Content starts

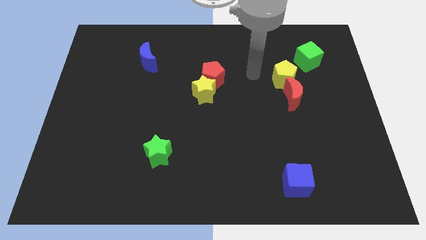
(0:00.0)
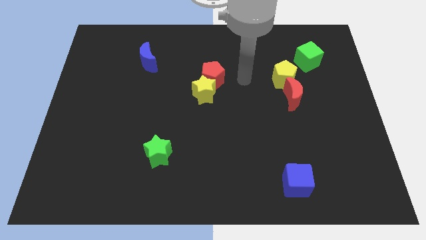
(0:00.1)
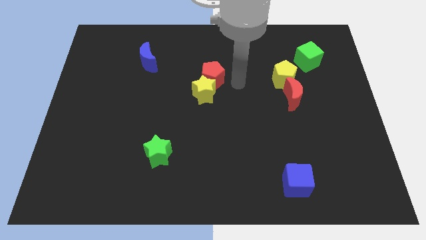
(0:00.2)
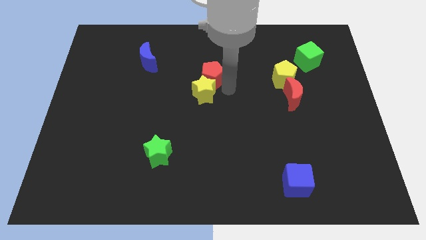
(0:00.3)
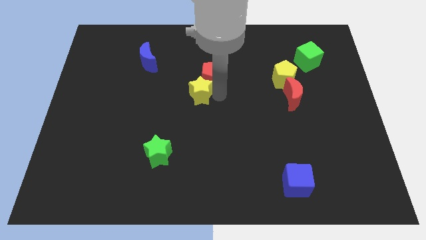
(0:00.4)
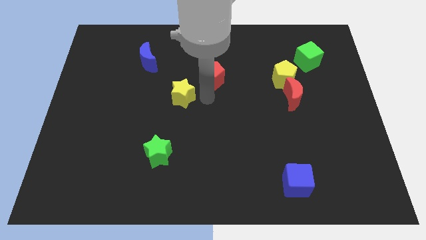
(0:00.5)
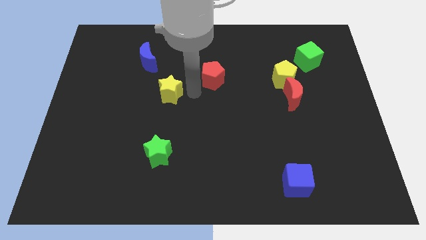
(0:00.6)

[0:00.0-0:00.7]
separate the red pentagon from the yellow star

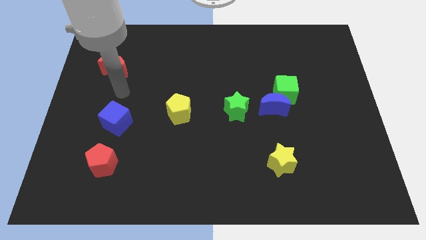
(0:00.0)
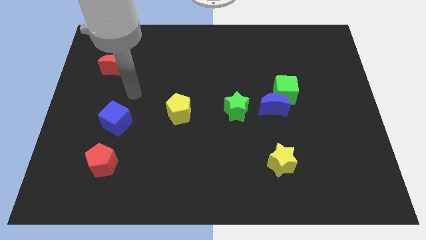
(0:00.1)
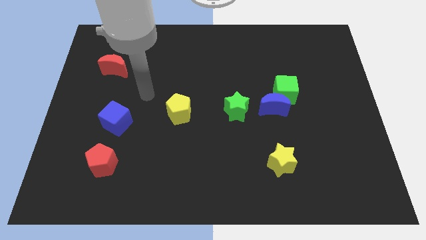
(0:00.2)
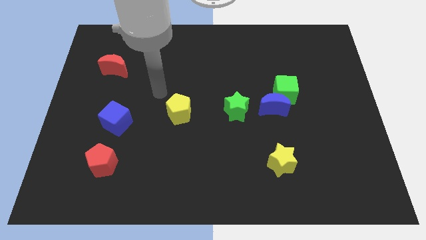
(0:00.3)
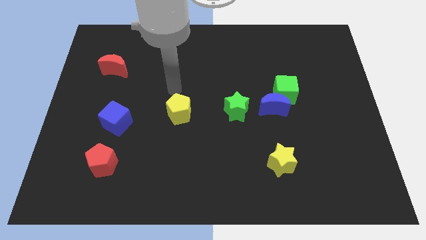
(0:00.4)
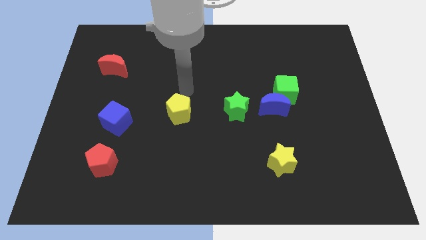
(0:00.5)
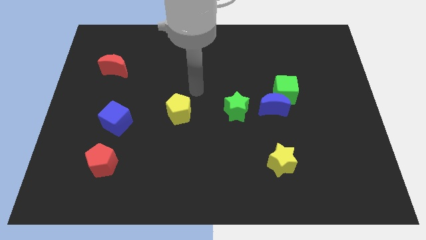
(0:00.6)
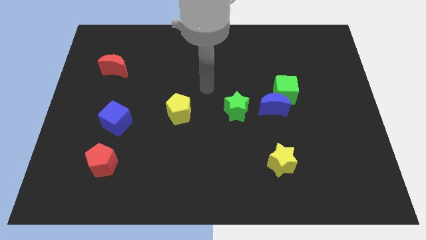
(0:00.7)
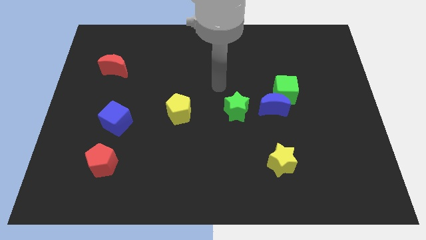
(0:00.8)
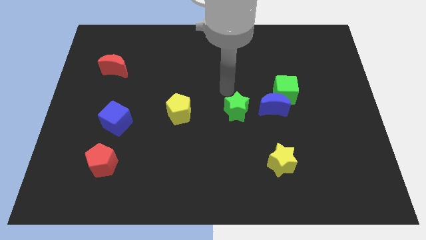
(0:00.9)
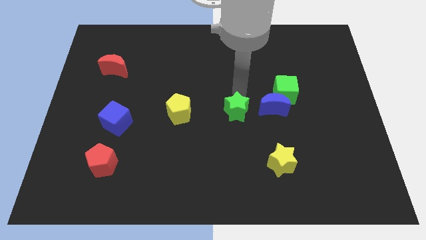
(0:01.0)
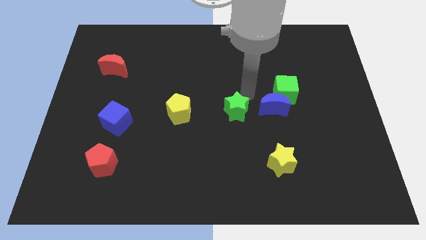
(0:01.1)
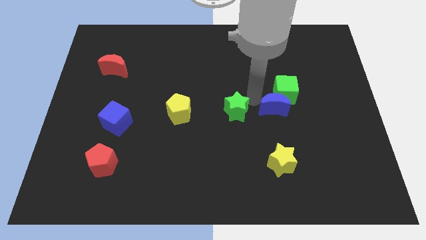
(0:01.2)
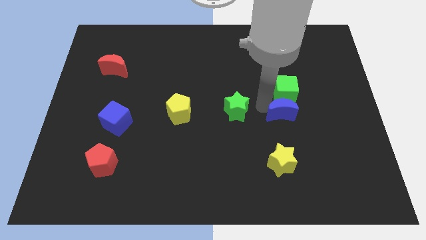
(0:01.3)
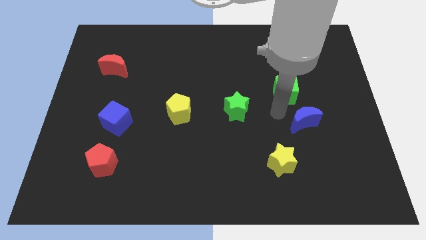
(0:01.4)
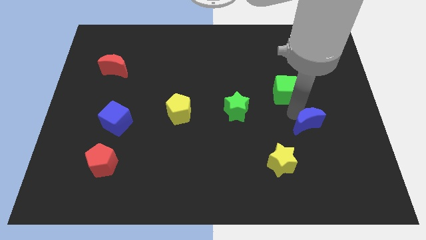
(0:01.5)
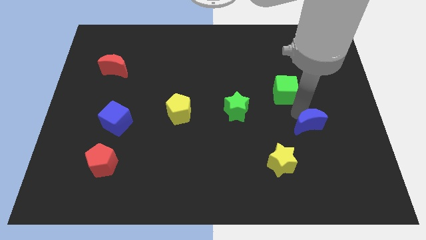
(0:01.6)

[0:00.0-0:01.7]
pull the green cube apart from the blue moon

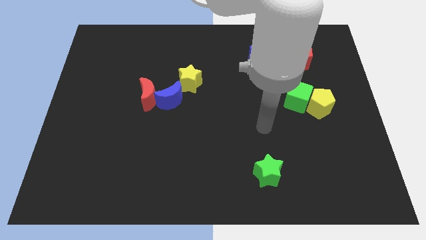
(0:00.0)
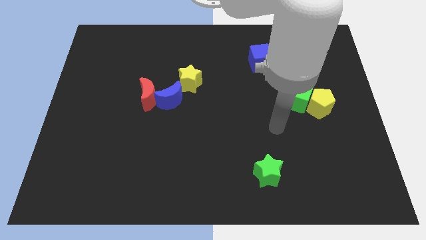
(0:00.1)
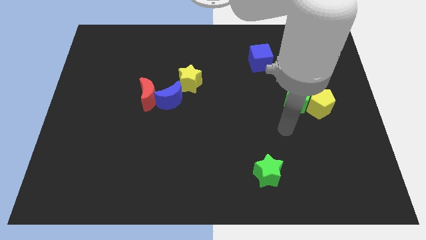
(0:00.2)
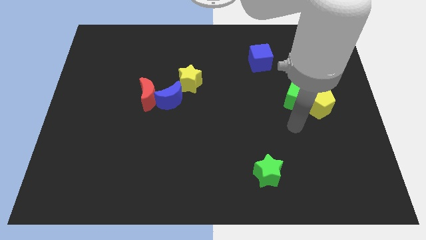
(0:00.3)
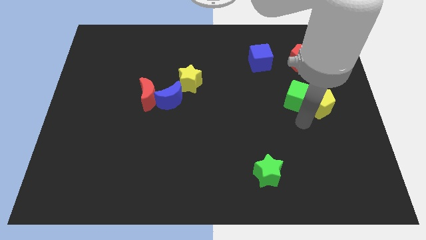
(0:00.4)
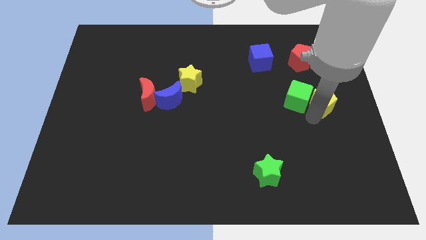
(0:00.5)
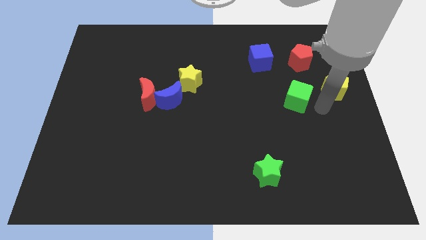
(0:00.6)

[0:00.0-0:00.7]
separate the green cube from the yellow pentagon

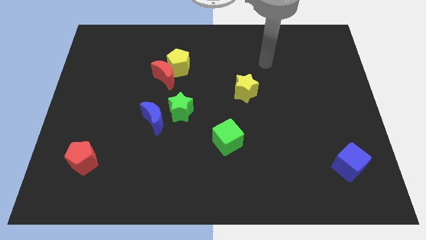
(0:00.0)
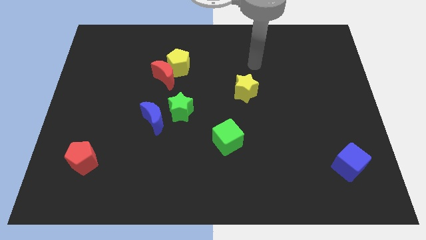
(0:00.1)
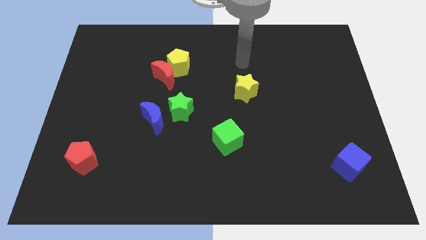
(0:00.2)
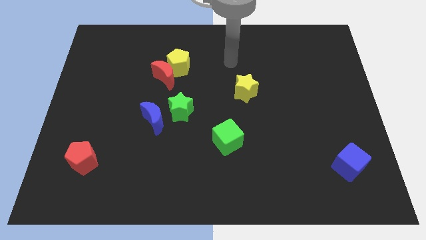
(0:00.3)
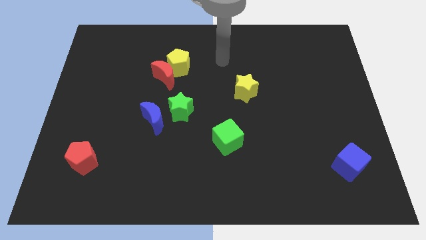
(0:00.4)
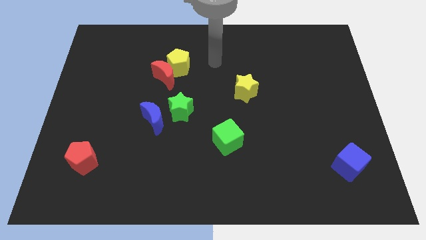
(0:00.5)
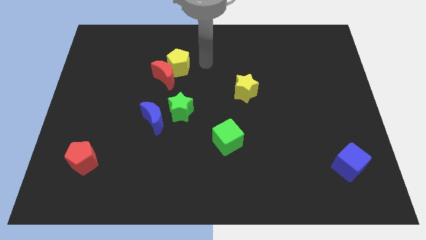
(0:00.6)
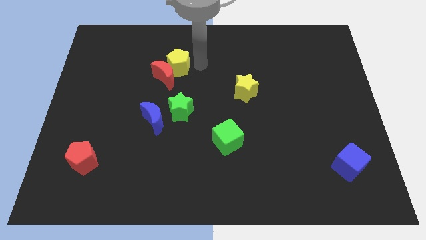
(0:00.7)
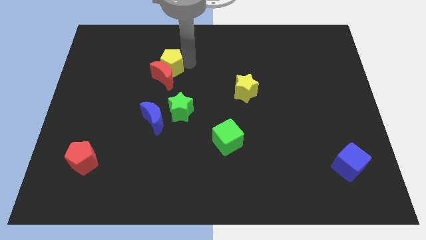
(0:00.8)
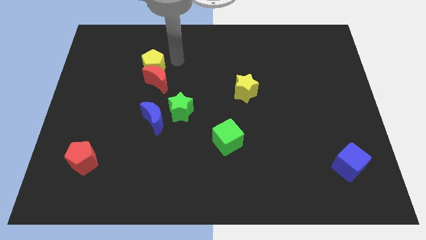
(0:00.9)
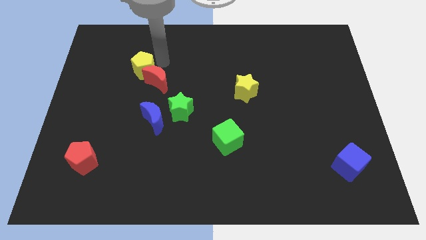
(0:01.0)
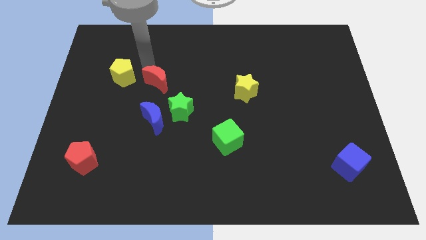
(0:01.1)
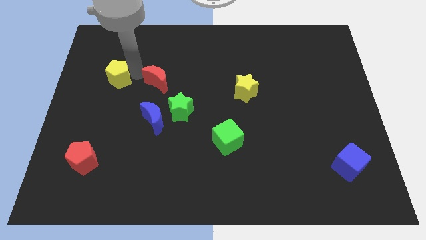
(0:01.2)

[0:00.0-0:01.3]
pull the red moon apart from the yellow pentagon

Content ends

Task description:
Leaving aside the images, write out the entries above word for word.

Task response:
(0:00.0)
(0:00.1)
(0:00.2)
(0:00.3)
(0:00.4)
(0:00.5)
(0:00.6)

[0:00.0-0:00.7]
separate the red pentagon from the yellow star

(0:00.0)
(0:00.1)
(0:00.2)
(0:00.3)
(0:00.4)
(0:00.5)
(0:00.6)
(0:00.7)
(0:00.8)
(0:00.9)
(0:01.0)
(0:01.1)
(0:01.2)
(0:01.3)
(0:01.4)
(0:01.5)
(0:01.6)

[0:00.0-0:01.7]
pull the green cube apart from the blue moon

(0:00.0)
(0:00.1)
(0:00.2)
(0:00.3)
(0:00.4)
(0:00.5)
(0:00.6)

[0:00.0-0:00.7]
separate the green cube from the yellow pentagon

(0:00.0)
(0:00.1)
(0:00.2)
(0:00.3)
(0:00.4)
(0:00.5)
(0:00.6)
(0:00.7)
(0:00.8)
(0:00.9)
(0:01.0)
(0:01.1)
(0:01.2)

[0:00.0-0:01.3]
pull the red moon apart from the yellow pentagon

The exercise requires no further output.